IntentCUA: Learning Intent-level Representations for Skill Abstraction and Multi-Agent Planning in Computer-Use Agents
arXiv:2602.17049v1 Announce Type: new Abstract: Computer-use agents operate over long horizons under noisy perception, multi-window contexts, evolving environment states. Existing approaches, from RL-based planners to trajectory retrieval, often drift from user intent and repeatedly solve routine subproblems, leading to error accumulation and inefficiency. We present IntentCUA, a multi-agent computer-use framework designed to stabilize long-horizon execution through intent-aligned plan memory. A Planner, Plan-Optimizer, and Critic coordinate over shared memory that abstracts raw interaction traces into multi-view intent representations and reusable skills. At runtime, intent prototypes retrieve subgroup-aligned skills and inject them into partial plans, reducing redundant re-planning and mitigating error propagation across desktop applications. In end-to-end evaluations, IntentCUA achieved a 74.83% task success rate with a Step Efficiency Ratio of 0.91, outperforming RL-based and traj
arXiv:2602.17049v1 Announce Type: new Abstract: Computer-use agents operate over long horizons under noisy perception, multi-window contexts, evolving environment states. Existing approaches, from RL-based planners to trajectory retrieval, often drift from user intent and repeatedly solve routine subproblems, leading to error accumulation and inefficiency.

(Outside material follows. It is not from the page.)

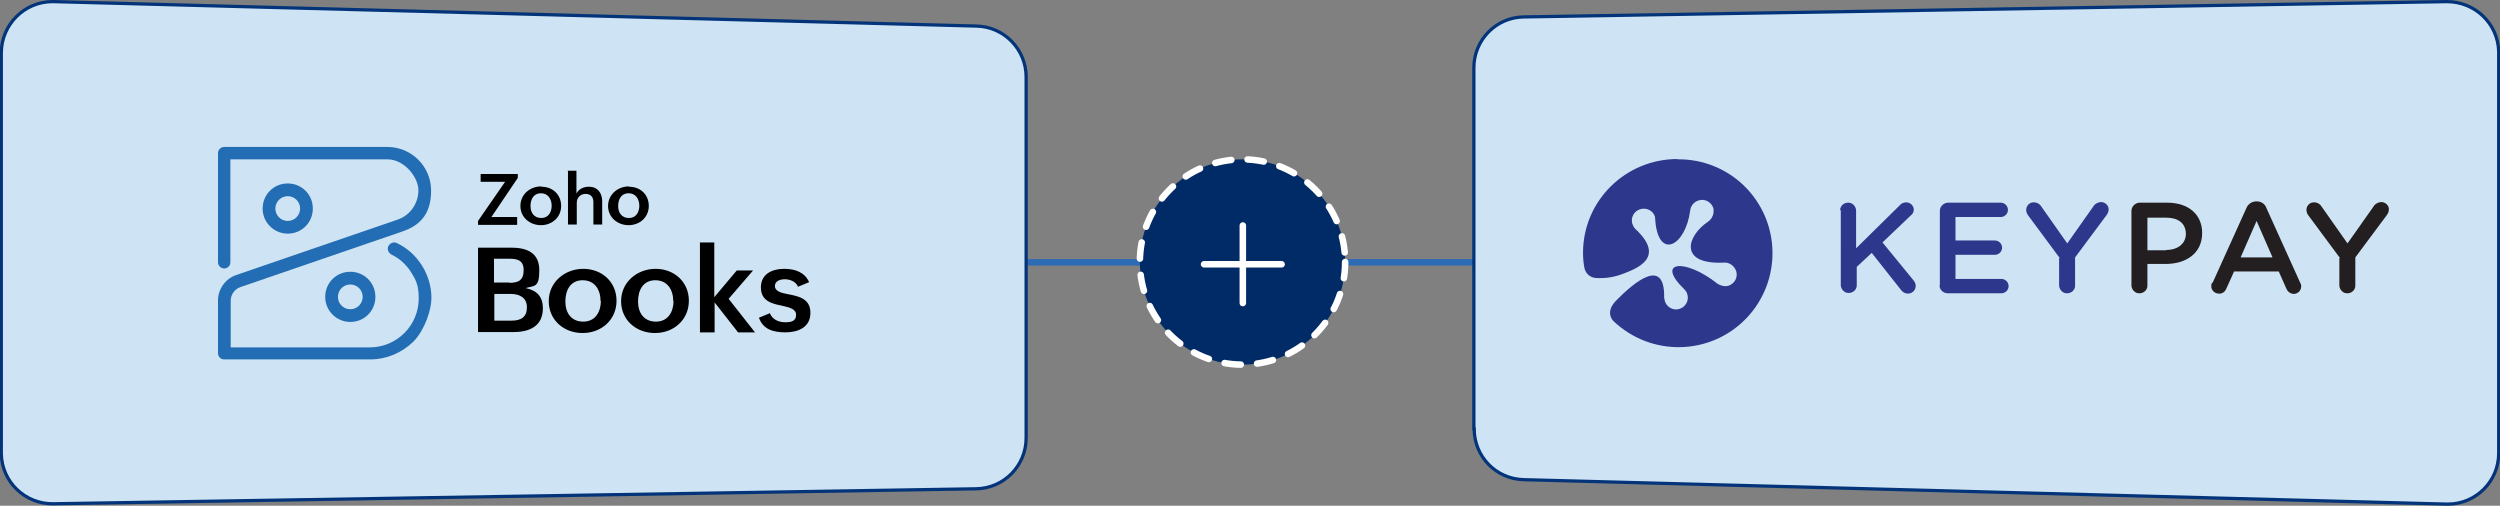 <svg xmlns="http://www.w3.org/2000/svg" viewBox="0 0 767.2 155.2"><rect x="0" y="0" width="767.2" height="155.2" fill="#808080" stroke="none"/><g data-name="Layer_1"><path fill="none" stroke="#2d6bb5" stroke-miterlimit="10" stroke-width="2" d="M452.3 80.5H311.6"/><circle cx="381.3" cy="80.4" r="31.5" fill="#012b67" stroke="#fff" stroke-dasharray="5" stroke-linecap="round" stroke-linejoin="round" stroke-width="2"/><path fill="#cee3f4" stroke="#03347a" stroke-miterlimit="10" d="M452.3 131.6V20.8c0-8.5 6.8-15.5 15.3-15.6L750.9.5c8.6 0 15.7 6.7 15.9 15.4v123.2c0 8.6-7 15.6-15.6 15.6h-.4l-283.2-7.5c-8.5-.2-15.2-7.1-15.2-15.6h-.1ZM314.9 23.6v110.8c0 8.5-6.8 15.5-15.4 15.6l-283.2 4.6c-8.6.1-15.7-6.7-15.9-15.3V16.1C.5 7.5 7.5.5 16.1.5h.4L299.7 8c8.5.2 15.2 7.2 15.2 15.6Z"/><path fill="#2d388d" fill-rule="evenodd" d="M514.8 48.8c-15.9 0-28.9 12.7-29 28.6 0 1.6.1 3.1.4 4.7.3 1.8 1.8 3.1 3.5 3.2 2.7.2 5.4-.2 7.9-1.1 4.5-1.7 13.9-5 4.2-14-.4-.4-.7-1-.9-1.6-.5-1.9.6-3.9 2.5-4.4 1.9-.6 4 .5 4.5 2.4 0 .4.1.9.1 1.4 1.1 11.8 9.3 7.5 10.7-3.5.2-1.4 1.2-2.6 2.6-3 1.9-.6 3.9.5 4.5 2.4.3 1.6-.3 3.2-1.6 4.1-6.7 4.5-9 13.2 4.7 12.6 1.7-.2 3.3.9 3.9 2.6.6 1.9-.5 3.9-2.4 4.5-1.1.3-2.3 0-3.3-.6-9.9-7.9-19.3-7.1-10.2 1.7.4.4.8 1 .9 1.5.6 1.9-.5 3.9-2.4 4.5-1.9.6-3.9-.5-4.5-2.4 0-.4-.2-.7-.2-1.1.2-12.5-9-4.9-14.8 1-3.1 3.2-1.4 5.6-.8 6.2 11.5 11 29.7 10.7 40.8-.8 11-11.5 10.7-29.7-.8-40.8-5.4-5.2-12.7-8.1-20.2-8h-.1ZM564.7 64.5c0-1.4 1.3-2.4 2.6-2.3 1.2 0 2.2 1.1 2.3 2.3v11.7L583 63c.5-.6 1.2-.9 2-.9 1.2 0 2.3 1 2.3 2.2 0 .7-.3 1.4-.9 1.8l-8.7 8.3 9.5 11.6c.4.5.7 1.1.7 1.7 0 1.3-1 2.4-2.4 2.4-.8 0-1.6-.4-2.1-1.1l-9-11.4-4.6 4.3v5.7c0 1.4-1.3 2.4-2.6 2.3-1.2 0-2.2-1.1-2.3-2.3V64.3v.2ZM595.3 87.5V64.7c0-1.3 1.1-2.4 2.4-2.5H614c1.2 0 2.2 1 2.2 2.2s-1 2.2-2.2 2.2h-13.9v7.2h12.1c1.2 0 2.2 1 2.2 2.2s-1 2.2-2.2 2.2h-12.1v7.4h14.1c1.2 0 2.2 1 2.2 2.2s-1 2.2-2.2 2.2h-16.5c-1.3 0-2.5-1-2.5-2.4h.1ZM632.1 79.2l-9.7-13.1c-.4-.5-.6-1.1-.6-1.7 0-1.3 1.1-2.4 2.4-2.3 1 0 1.9.6 2.4 1.5l7.8 11.1 7.9-11.2c.5-.9 1.4-1.4 2.4-1.5 1.3 0 2.4 1 2.4 2.2 0 .7-.3 1.4-.7 1.9L636.8 79v8.7c0 1.4-1.3 2.4-2.6 2.3-1.2 0-2.2-1.1-2.3-2.3v-8.5h.2Z"/><path fill="#231f20" fill-rule="evenodd" d="M664.8 76.7c3.7 0 6-2.1 6-4.9 0-3.3-2.4-5-6-5H659v10h5.8Zm-10.7-12c0-1.3 1.1-2.4 2.4-2.5h8.6c6.6 0 10.7 3.7 10.7 9.3 0 6.3-5 9.5-11.2 9.5H659v6.7c0 1.4-1.3 2.4-2.6 2.3-1.2 0-2.2-1.1-2.3-2.3v-23ZM697.4 79l-4.9-11.2-4.9 11.2h9.9ZM679 86.8l10.4-23c.5-1.2 1.7-2 3-2h.2c1.3 0 2.5.8 2.9 2l10.4 23c.2.3.3.6.3 1 0 1.3-.9 2.3-2.2 2.4-1.1 0-2-.7-2.4-1.7l-2.3-5.2h-13.7l-2.4 5.3c-.4 1-1.3 1.6-2.3 1.5-1.2 0-2.3-1-2.3-2.2 0-.4 0-.8.3-1.2h.2ZM718.1 79.2l-9.7-13.1c-.4-.5-.6-1.1-.6-1.7 0-1.3 1.1-2.4 2.4-2.3 1 0 1.9.6 2.4 1.5l7.8 11.1 7.9-11.2c.5-.9 1.4-1.4 2.4-1.5 1.3 0 2.4 1 2.4 2.2 0 .7-.3 1.4-.7 1.9L722.8 79v8.7c0 1.4-1.3 2.4-2.6 2.3-1.2 0-2.2-1.1-2.3-2.3v-8.5h.2Z"/><path fill="none" stroke="#fff" stroke-linecap="round" stroke-linejoin="round" stroke-width="2" d="M381.4 69.2V93M393.3 81.1h-23.8"/><path d="M146.7 76h10.2c4.7 0 8.6 1.5 8.6 6.9s-1.4 4.7-4.2 5.5c3.5.7 5.3 2.7 5.3 6.2 0 5.5-4.1 7.3-9 7.3h-10.9V76Zm9.6 10.8c2.8 0 4.4-.8 4.4-3.9s-2-3.5-4.5-3.5h-4.6v7.3h4.7Zm.7 11.6c2.9 0 4.7-1.1 4.7-4.1s-2.3-4.1-5-4.1h-5v8.2h5.4ZM179 82.5c5.7 0 10.2 4 10.2 9.8s-4.6 9.9-10.4 9.9-10.4-4-10.4-9.8 4.9-9.9 10.6-9.9Zm5.3 9.9c0-3.5-1.8-6.4-5.5-6.4s-5.3 3-5.3 6.5 1.8 6.2 5.5 6.2 5.4-3 5.4-6.4ZM201.2 82.5c5.7 0 10.2 4 10.2 9.8s-4.6 9.9-10.4 9.9-10.4-4-10.4-9.8 4.9-9.9 10.6-9.9Zm5.4 9.9c0-3.5-1.8-6.4-5.5-6.4s-5.3 3-5.3 6.5 1.8 6.2 5.5 6.2 5.4-3 5.4-6.4ZM214.7 74.4h4.5v16.8l6.9-8.2h5l-7.5 8.7 8.1 10.3h-5.2l-7.2-9.2v9.2h-4.5V74.5h-.1ZM236.3 96.2c.7 1.8 2.6 2.7 4.7 2.7s3.3-.5 3.3-2.3-2.1-2.3-4.4-2.8c-3-.6-6.4-1.4-6.4-5.6s3.6-5.7 7.1-5.7 6.4 1.1 7.7 4.1l-3.4 1.4c-.7-1.7-2.6-2.3-4.1-2.3s-3 .6-3 2.1 1.8 2.1 4.1 2.5c3.1.6 6.8 1.3 6.8 5.7s-3.7 6-7.7 6-6.9-1.1-8.1-4.5l3.4-1.4ZM146.7 67.8l8.3-12h-7.5v-2.4h11.4v1.2l-8.1 12h7.9V69h-12v-1.2ZM166.1 57.3c3.5 0 6.1 2.4 6.1 5.9s-2.8 5.9-6.2 5.9-6.3-2.4-6.3-5.9 2.9-6 6.4-6Zm3.2 5.9c0-2.1-1.1-3.9-3.3-3.9s-3.2 1.8-3.2 3.9 1.1 3.7 3.3 3.7 3.2-1.8 3.2-3.8ZM174.2 52.4h2.7v7c.7-1.4 2.2-2.1 3.8-2.1 2.7 0 4.1 1.9 4.1 4.5v7.1h-2.7V62c0-1.6-.9-2.5-2.4-2.5s-2.7 1.1-2.7 2.7v6.7h-2.7V52.3h-.1ZM193 57.3c3.5 0 6.1 2.4 6.1 5.9s-2.8 5.9-6.2 5.9-6.3-2.4-6.3-5.9 3-6 6.4-6Zm3.2 5.9c0-2.1-1.1-3.9-3.3-3.9s-3.2 1.8-3.2 3.9 1.1 3.7 3.3 3.7 3.2-1.8 3.2-3.8Z"/><g fill="#226db4"><path d="M113.4 110.3H68.8c-1.1 0-1.9-.9-1.9-1.9V92.2c0-3.5 2.3-6.7 5.6-7.8l49.5-17c3.9-1.3 6.4-5 6.4-9s-4.3-9.5-9.5-9.5H70.7v31.6c0 1.1-.9 1.9-1.9 1.9s-1.9-.9-1.9-1.9V47c0-1.1.9-1.9 1.9-1.9h50.1c7.4 0 13.4 6 13.4 13.4s-3.6 10.8-9 12.6l-49.5 17c-1.8.6-3 2.3-3 4.2v14.3h42.7c4 0 7.8-1.6 10.6-4.4 2.8-2.8 4.4-6.6 4.4-10.6s-.8-5.6-2.3-8-3.6-4.3-6.1-5.5c-.9-.5-1.4-1.6-.9-2.6.5-.9 1.6-1.4 2.6-.9 3.2 1.5 5.8 3.9 7.7 6.9 1.9 3 2.9 6.5 2.9 10s-2 9.7-5.5 13.3c-3.6 3.5-8.3 5.5-13.3 5.5h-.2Z"/><path d="M88.3 71.7c-4.2 0-7.7-3.4-7.7-7.7s3.4-7.7 7.7-7.7S96 59.7 96 64s-3.4 7.7-7.7 7.7Zm0-11.5c-2.1 0-3.8 1.7-3.8 3.8s1.7 3.8 3.8 3.8 3.8-1.7 3.8-3.8-1.7-3.8-3.8-3.8ZM107.5 98.8c-4.2 0-7.7-3.4-7.7-7.7s3.4-7.7 7.7-7.7 7.7 3.4 7.7 7.7-3.4 7.7-7.7 7.7Zm0-11.5c-2.1 0-3.8 1.7-3.8 3.8s1.7 3.8 3.8 3.8 3.8-1.7 3.8-3.8-1.7-3.8-3.8-3.8Z"/></g></g></svg>

We present IntentCUA, a multi-agent computer-use framework designed to stabilize long-horizon execution through intent-aligned plan memory. A Planner, Plan-Optimizer, and Critic coordinate over shared memory that abstracts raw interaction traces into multi-view intent representations and reusable skills. At runtime, intent prototypes retrieve subgroup-aligned skills and inject them into partial plans, reducing redundant re-planning and mitigating error propagation across desktop applications. In end-to-end evaluations, IntentCUA achieved a 74.83% task success rate with a Step Efficiency Ratio of 0.91, outperforming RL-based and trajectory-centric baselines. Ablations show that multi-view intent abstraction and shared plan memory jointly improve execution stability, with the cooperative multi-agent loop providing the largest gains on long-horizon tasks. These results highlight that system-level intent abstraction and memory-grounded coordination are key to reliable and efficient desktop automation in large, dynamic environments.
Executive Summary
The article introduces IntentCUA, a novel multi-agent framework for computer-use agents that stabilizes long-horizon execution through intent-aligned plan memory. By abstracting raw interaction traces into multi-view intent representations and reusable skills, IntentCUA achieves a 74.83% task success rate and outperforms existing baselines. The framework's cooperative multi-agent loop and shared plan memory are key to reliable and efficient desktop automation in large, dynamic environments.
Key Points
- ▸ IntentCUA framework for computer-use agents
- ▸ Intent-aligned plan memory for long-horizon execution
- ▸ Multi-view intent representations and reusable skills
Merits
Improved Task Success Rate
IntentCUA achieves a higher task success rate compared to existing baselines, demonstrating its effectiveness in stabilizing long-horizon execution.
Efficient Execution
The framework's shared plan memory and cooperative multi-agent loop reduce redundant re-planning and mitigate error propagation, resulting in more efficient execution.
Demerits
Complexity
The IntentCUA framework may introduce additional complexity due to its multi-agent architecture and shared plan memory, potentially making it more challenging to implement and maintain.
Expert Commentary
The IntentCUA framework represents a significant advancement in the field of computer-use agents, demonstrating the potential of intent-aligned plan memory and multi-agent planning to improve the efficiency and reliability of autonomous systems. The framework's ability to abstract raw interaction traces into multi-view intent representations and reusable skills is particularly noteworthy, as it enables the system to adapt to changing environments and user needs. However, further research is needed to fully realize the potential of IntentCUA and to address the potential challenges and limitations associated with its implementation.
Recommendations
- ✓ Further research should be conducted to explore the applicability of IntentCUA to various domains and to investigate the potential benefits and challenges of its implementation.
- ✓ Developers and policymakers should consider the potential implications of IntentCUA and other autonomous systems on employment, the economy, and society as a whole, and should work to ensure that these systems are designed and deployed in a responsible and transparent manner.